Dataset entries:
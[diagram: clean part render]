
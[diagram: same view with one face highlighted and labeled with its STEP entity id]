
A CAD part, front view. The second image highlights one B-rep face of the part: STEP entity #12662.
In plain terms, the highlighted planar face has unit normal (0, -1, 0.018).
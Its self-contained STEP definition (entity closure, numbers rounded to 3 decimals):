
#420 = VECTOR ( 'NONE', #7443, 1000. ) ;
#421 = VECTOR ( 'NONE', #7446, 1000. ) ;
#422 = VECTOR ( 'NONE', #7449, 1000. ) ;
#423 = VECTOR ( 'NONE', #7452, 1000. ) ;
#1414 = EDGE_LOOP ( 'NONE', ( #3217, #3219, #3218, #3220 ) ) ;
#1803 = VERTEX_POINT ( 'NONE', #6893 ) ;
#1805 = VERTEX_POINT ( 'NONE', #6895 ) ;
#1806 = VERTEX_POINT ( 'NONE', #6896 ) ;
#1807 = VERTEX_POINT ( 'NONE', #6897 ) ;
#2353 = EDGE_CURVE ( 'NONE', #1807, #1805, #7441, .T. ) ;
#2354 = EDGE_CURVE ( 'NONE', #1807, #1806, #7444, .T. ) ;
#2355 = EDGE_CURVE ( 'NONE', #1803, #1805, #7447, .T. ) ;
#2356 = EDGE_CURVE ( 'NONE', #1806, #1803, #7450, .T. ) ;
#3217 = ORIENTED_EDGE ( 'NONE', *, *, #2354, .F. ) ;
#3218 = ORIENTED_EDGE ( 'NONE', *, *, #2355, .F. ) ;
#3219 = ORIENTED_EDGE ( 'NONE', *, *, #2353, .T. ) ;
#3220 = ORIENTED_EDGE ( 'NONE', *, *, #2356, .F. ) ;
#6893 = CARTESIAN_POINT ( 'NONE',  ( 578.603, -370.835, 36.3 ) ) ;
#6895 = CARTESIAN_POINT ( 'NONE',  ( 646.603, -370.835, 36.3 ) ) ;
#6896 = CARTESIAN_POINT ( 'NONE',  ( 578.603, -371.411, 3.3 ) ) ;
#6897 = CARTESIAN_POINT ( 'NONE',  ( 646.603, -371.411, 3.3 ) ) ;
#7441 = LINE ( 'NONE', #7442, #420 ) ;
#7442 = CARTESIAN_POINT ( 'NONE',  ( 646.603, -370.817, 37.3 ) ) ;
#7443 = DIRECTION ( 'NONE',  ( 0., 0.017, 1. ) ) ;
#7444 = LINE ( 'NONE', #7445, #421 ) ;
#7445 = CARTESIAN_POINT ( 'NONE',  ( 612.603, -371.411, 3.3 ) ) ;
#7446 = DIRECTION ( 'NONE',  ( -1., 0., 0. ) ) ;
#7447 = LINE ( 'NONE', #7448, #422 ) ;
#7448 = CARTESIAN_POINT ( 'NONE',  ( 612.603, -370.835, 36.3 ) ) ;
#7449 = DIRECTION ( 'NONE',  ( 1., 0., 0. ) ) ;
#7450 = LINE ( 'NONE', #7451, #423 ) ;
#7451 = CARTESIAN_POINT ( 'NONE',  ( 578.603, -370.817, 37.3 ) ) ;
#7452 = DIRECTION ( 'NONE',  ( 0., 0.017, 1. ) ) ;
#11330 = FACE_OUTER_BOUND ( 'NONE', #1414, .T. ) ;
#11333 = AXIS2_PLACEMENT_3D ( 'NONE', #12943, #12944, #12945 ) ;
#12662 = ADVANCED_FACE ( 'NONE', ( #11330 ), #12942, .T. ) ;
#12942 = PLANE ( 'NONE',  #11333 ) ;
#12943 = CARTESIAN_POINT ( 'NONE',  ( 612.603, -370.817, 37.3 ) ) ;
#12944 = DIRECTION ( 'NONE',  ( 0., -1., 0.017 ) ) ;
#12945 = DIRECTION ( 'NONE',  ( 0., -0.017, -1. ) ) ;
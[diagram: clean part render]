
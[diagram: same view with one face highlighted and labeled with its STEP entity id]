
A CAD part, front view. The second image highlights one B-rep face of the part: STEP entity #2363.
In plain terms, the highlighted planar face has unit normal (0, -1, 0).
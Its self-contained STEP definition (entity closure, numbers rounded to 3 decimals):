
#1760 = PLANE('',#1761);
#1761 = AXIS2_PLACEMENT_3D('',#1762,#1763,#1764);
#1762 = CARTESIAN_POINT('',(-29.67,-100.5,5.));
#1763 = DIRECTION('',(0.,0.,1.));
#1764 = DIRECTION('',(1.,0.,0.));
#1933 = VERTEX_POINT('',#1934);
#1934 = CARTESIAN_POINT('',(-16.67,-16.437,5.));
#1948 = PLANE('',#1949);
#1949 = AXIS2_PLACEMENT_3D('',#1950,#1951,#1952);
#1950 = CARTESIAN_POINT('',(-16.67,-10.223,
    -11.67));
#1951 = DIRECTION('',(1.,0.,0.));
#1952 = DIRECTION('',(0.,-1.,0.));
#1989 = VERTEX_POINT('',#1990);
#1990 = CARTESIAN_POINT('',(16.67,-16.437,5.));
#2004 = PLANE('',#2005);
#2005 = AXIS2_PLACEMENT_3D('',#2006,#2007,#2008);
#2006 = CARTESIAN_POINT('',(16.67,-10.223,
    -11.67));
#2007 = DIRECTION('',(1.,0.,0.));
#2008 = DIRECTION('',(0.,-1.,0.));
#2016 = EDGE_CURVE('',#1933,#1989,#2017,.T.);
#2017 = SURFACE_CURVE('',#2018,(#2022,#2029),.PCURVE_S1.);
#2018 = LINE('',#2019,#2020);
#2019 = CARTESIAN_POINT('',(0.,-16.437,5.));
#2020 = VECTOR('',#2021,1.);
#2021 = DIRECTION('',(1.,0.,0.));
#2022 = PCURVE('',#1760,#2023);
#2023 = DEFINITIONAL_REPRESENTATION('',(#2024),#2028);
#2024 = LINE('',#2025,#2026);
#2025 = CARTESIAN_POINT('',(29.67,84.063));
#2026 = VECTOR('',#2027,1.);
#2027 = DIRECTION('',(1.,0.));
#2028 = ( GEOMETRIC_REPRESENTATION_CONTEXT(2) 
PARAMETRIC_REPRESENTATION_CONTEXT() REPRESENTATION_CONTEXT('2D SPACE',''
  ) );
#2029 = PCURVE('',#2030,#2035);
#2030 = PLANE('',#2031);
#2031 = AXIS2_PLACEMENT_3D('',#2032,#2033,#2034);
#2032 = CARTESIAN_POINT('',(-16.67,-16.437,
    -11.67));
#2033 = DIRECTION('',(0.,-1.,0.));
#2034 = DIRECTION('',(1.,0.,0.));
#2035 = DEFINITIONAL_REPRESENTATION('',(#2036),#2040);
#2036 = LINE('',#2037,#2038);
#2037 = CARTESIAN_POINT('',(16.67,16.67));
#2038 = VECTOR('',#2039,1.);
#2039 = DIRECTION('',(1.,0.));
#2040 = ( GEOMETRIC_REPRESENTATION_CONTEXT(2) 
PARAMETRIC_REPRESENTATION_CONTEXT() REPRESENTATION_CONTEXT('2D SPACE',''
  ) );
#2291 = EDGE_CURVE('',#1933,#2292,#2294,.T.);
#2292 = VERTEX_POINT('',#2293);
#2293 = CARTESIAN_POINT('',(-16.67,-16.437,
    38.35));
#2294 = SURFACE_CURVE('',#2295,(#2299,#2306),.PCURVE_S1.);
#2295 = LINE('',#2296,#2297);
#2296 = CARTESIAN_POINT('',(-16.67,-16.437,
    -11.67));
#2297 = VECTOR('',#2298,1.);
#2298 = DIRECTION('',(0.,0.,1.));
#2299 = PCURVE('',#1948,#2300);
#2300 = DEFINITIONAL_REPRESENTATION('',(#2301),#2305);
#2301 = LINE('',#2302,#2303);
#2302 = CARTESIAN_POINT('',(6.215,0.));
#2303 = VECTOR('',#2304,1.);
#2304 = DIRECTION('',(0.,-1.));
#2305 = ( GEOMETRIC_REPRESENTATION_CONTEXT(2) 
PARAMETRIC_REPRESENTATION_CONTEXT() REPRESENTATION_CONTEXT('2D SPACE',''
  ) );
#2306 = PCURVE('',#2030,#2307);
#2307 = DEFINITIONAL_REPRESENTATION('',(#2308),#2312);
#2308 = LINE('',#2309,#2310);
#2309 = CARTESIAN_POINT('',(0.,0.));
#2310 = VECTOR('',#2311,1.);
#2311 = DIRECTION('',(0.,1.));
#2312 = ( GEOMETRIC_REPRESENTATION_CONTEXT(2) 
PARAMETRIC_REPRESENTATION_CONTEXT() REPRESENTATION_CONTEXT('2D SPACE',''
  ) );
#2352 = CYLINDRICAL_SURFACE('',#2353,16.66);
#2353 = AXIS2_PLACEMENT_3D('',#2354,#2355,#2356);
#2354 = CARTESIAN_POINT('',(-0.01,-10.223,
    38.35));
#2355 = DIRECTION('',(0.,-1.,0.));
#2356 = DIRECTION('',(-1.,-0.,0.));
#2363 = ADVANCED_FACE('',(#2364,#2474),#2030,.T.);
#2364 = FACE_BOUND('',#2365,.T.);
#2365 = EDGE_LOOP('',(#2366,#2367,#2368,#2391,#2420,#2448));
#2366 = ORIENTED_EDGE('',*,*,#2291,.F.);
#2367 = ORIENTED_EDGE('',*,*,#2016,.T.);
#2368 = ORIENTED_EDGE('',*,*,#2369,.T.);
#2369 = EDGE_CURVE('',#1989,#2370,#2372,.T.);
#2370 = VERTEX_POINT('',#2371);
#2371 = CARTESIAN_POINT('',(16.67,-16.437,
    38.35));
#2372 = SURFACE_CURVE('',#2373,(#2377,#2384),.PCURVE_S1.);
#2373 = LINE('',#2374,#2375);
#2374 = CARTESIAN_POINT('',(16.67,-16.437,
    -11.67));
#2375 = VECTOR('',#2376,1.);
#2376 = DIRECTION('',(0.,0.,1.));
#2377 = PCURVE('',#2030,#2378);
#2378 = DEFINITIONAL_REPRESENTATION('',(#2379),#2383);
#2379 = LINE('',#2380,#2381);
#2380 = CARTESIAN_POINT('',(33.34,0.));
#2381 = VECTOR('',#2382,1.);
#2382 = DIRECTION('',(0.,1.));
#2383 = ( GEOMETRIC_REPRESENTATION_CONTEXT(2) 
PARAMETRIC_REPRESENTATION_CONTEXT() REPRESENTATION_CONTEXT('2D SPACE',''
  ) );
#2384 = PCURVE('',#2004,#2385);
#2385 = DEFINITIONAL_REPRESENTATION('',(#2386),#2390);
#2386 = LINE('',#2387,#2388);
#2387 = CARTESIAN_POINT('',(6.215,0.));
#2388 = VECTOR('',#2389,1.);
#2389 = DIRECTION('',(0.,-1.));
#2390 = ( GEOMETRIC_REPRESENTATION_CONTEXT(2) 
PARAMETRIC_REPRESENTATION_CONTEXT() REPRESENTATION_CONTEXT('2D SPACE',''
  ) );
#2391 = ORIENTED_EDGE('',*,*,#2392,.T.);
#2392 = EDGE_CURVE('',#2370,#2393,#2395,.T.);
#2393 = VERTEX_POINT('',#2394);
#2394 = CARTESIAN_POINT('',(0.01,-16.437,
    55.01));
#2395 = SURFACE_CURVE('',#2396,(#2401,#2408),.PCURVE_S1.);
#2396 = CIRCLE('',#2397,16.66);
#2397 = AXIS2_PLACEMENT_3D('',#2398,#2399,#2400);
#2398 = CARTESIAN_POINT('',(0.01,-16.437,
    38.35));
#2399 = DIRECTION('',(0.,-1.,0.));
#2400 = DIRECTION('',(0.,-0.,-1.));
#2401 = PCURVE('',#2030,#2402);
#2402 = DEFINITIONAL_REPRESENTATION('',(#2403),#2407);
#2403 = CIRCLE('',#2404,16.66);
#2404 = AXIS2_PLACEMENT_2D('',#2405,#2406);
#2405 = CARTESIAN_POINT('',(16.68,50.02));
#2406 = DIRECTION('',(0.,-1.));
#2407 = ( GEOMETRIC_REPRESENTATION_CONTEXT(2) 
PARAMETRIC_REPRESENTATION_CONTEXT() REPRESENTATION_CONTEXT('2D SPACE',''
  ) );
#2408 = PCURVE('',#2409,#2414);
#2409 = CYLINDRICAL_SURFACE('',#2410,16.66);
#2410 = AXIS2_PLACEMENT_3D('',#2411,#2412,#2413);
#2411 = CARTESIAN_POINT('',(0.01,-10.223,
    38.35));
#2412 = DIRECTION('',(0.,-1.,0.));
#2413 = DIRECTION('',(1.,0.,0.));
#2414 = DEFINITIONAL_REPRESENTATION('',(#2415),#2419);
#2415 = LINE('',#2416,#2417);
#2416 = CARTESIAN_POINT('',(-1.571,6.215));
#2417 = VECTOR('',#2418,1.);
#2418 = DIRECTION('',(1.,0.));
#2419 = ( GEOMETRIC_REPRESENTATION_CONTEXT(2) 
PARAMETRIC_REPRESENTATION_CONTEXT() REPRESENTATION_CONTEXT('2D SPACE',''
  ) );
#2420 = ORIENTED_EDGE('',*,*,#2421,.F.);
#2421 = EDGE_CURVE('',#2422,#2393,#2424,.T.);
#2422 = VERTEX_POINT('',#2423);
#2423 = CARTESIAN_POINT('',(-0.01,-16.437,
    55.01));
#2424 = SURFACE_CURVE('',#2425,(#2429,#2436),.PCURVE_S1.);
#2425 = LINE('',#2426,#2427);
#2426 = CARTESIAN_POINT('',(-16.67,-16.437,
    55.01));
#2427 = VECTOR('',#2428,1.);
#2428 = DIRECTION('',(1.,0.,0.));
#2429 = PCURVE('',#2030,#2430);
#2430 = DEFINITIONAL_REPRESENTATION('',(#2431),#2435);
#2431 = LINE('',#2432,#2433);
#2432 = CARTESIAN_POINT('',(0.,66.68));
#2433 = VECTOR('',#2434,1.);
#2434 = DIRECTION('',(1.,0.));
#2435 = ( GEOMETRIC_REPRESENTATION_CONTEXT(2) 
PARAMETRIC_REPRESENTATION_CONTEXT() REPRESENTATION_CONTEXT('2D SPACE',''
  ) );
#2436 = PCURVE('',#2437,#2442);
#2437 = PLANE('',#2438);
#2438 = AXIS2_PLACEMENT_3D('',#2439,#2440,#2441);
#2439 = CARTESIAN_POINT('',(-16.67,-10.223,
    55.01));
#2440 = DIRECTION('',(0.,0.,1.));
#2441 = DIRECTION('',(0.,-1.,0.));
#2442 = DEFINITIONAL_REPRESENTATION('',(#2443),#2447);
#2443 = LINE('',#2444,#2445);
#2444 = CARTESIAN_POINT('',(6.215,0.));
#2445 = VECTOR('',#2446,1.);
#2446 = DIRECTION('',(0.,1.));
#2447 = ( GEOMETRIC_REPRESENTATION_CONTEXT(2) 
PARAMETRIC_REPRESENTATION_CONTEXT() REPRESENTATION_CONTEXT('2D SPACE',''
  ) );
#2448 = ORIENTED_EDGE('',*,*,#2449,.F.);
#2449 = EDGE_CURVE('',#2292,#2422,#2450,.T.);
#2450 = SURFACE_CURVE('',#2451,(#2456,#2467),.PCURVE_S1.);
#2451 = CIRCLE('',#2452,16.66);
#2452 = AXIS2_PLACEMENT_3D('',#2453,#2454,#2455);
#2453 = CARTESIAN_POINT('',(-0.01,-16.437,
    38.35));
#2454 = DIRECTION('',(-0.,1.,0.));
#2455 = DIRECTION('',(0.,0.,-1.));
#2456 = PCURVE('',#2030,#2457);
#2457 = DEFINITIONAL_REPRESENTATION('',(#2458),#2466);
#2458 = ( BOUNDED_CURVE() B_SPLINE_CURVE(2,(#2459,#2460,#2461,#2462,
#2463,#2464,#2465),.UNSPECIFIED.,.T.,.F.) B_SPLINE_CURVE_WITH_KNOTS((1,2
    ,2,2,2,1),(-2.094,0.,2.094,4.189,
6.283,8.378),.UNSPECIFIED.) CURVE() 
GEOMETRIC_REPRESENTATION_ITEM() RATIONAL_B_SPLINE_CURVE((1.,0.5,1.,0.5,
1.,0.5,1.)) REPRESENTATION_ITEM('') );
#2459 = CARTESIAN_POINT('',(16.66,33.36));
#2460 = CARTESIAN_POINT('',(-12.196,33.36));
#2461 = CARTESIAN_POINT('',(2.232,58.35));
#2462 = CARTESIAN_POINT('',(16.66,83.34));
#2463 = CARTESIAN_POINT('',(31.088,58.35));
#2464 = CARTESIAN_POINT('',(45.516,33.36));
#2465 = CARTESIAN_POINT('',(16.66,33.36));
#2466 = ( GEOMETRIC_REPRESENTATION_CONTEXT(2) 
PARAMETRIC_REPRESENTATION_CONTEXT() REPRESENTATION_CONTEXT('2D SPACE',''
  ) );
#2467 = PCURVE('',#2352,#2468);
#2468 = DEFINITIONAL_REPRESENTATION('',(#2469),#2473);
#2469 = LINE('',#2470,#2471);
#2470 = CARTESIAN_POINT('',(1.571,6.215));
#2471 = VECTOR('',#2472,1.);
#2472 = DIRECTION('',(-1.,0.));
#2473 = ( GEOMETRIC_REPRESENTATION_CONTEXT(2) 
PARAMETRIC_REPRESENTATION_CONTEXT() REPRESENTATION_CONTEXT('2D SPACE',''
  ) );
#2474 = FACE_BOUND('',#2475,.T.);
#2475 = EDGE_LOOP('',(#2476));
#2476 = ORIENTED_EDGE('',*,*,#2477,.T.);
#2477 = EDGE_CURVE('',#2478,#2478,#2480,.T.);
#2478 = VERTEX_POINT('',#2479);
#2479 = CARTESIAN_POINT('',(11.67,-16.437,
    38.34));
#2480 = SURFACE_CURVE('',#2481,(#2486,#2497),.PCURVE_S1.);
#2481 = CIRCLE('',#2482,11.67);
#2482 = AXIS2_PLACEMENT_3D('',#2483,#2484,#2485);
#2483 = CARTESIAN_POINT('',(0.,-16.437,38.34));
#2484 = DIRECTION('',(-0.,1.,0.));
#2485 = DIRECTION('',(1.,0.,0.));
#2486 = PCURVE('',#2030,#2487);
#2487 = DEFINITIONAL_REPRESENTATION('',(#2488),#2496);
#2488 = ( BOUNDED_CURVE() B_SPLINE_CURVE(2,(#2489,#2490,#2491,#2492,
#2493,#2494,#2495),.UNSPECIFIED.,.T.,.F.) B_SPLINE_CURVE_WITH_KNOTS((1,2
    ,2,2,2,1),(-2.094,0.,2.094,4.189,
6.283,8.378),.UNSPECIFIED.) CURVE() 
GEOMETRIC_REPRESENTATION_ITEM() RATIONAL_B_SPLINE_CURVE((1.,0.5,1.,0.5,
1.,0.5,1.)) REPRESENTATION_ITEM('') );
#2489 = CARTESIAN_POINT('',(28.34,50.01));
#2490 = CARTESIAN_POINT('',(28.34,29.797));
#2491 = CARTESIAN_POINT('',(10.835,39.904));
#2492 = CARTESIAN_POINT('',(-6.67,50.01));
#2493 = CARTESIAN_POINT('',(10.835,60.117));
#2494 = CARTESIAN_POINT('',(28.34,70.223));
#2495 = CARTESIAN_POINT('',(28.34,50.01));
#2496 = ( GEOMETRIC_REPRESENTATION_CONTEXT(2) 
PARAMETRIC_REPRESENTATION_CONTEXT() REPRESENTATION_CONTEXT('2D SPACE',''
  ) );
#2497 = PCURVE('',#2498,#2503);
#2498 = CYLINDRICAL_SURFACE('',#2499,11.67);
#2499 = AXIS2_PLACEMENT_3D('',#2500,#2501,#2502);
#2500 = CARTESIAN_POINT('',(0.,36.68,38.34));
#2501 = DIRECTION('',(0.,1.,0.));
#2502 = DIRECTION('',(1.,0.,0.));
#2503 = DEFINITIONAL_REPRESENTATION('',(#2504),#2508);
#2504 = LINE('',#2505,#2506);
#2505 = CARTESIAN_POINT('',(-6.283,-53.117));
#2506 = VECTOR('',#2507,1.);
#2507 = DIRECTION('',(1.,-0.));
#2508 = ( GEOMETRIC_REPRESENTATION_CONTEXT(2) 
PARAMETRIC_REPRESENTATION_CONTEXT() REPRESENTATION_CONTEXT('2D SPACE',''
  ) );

Your goal: Send back an exact copy of only the lines from the line with "#2408 = PCURVE('',#2409,#2414);" up to and including the line with "#2414 = DEFINITIONAL_REPRESENTATION('',(#2415),#2419);" in the data above.

Written response:
#2408 = PCURVE('',#2409,#2414);
#2409 = CYLINDRICAL_SURFACE('',#2410,16.66);
#2410 = AXIS2_PLACEMENT_3D('',#2411,#2412,#2413);
#2411 = CARTESIAN_POINT('',(0.01,-10.223,
    38.35));
#2412 = DIRECTION('',(0.,-1.,0.));
#2413 = DIRECTION('',(1.,0.,0.));
#2414 = DEFINITIONAL_REPRESENTATION('',(#2415),#2419);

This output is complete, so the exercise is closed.